Im Vergleich zu Chromium startet der FF einfach viel langsamer (ca. 3-4sek). Das mag zwar für den 
einen oder anderen verschwindend gering sein, wenn man aber eine SSD sein Eigen nennt und man 
sieht, dass Chromium schneller starten kann, möchte ich auch, dass der FF so schnell wird. 

Daher habe ich mir gedacht, dass ich statt den Firefox schneller zu machen, doch einfach den Firefox
immer laufen lassen könnte. Allerdings will ich nicht jedesmal oben auf minimieren drücken und dann 
wieder die Startseite aufrufen, sondern ich würde gern einfach "Schließen" anklicken und beim nächsten
mal soll dann nicht wieder Prozess neugestartet werden, sondern der vorhandene soll weiterhin aktiv sein.

Reproduzieren kann ich das ganze, wenn ich aktuell ein Fenster öffne und das dann direkt minimiere 
und auf den zweiten Bildschirm schiebe. Dann bleibt der Prozess aktiv, das Fenster ist eigentlich weg
und beim nächsten Klick auf das Schnellstart Icon öffnet sich ein neues Fenster mit Startseite und 
das in Sekundenbruchteilen. Nun soll das Ganze eben auch ohne dieses zweite Fenster passieren.

Gibt es dafür ein Addon? Ich habe mir schon MinimizeToTray angesehen, allerdings ist das nicht ganz das, 
was ich mir vorgestellt habe.

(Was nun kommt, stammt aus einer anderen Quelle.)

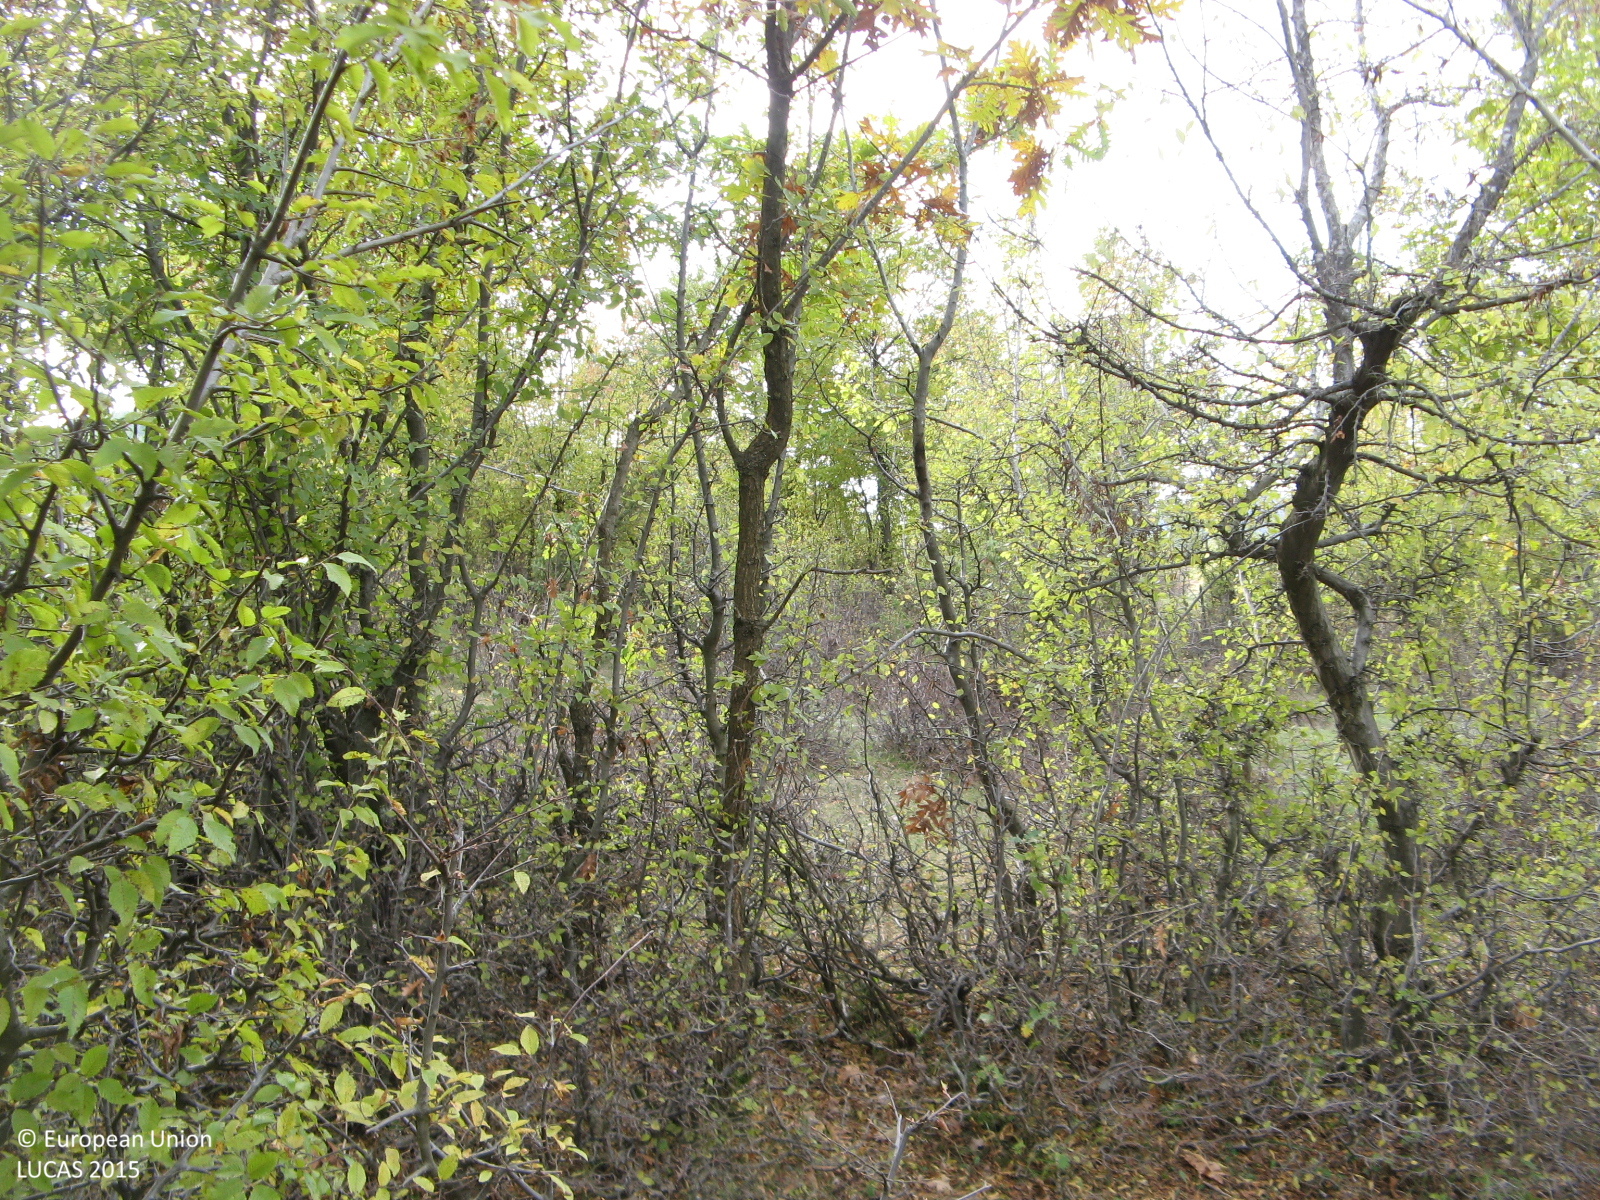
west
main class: Shrubland
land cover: Shrubland with sparse tree cover
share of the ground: > 75 %
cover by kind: shrubs 75 %, herbaceous plants 15 %, broadleaved forest trees 5 %, consolidated bare surface 5 %
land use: Agriculture (excluding fallow land and kitchen gardens)
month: November
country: BG
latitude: 41.4588
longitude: 25.3420

Vielleicht kennt ja jemand eine Möglichkeit, mein Problem zu lösen 


Greetz K3n$!


PS: Meine Addons werde ich für den minimalen Geschwindigkeitssprung nicht deaktivieren 
(noscript, Addblock, facebook-disconnect, https_everywhere+https_finder). Plugins sind 
nur die 4 Stück aktiv (Flash und 3x Battlelog-ESN)


----------



## XT1024 (8. August 2013)

*AW: Firefox schneller starten lassen -per Addon? -per RAM/always running?*



K3n$! schrieb:


> Allerdings will ich nicht jedesmal oben auf minimieren drücken und dann
> wieder die Startseite aufrufen, sondern ich würde gern einfach "Schließen" anklicken und beim nächsten
> mal soll dann wieder die Startseite erscheinen.


Ne verstehe ich auch nach 3x lesen nicht.




K3n$! schrieb:


> sondern ich würde gern einfach "Schließen" anklicken und beim nächsten
> mal soll dann wieder die Startseite erscheinen.


Und das ist nicht zufällig das Standardverhalten (welches halt etwas dauert)?


----------



## Laudian (8. August 2013)

*AW: Firefox schneller starten lassen -per Addon? -per RAM/always running?*

Wenn ich das richtig verstehe suchst du eine Taste "Schließe alle Tabs und minimiere Firefox". Irgendein Addon sollte es da doch bestimmt geben.


----------



## K3n$! (8. August 2013)

*AW: Firefox schneller starten lassen -per Addon? -per RAM/always running?*



XT1024 schrieb:


> Ne verstehe ich auch nach 3x lesen nicht.



Wenn ich auf minimieren drücke, würde FF ja schneller starten. Dann habe ich allerdings doch jedesmal die Seite von vorher. 
Darauf möchte ich verzichten. 



> Und das ist nicht zufällig das Standardverhalten (welches halt etwas dauert)?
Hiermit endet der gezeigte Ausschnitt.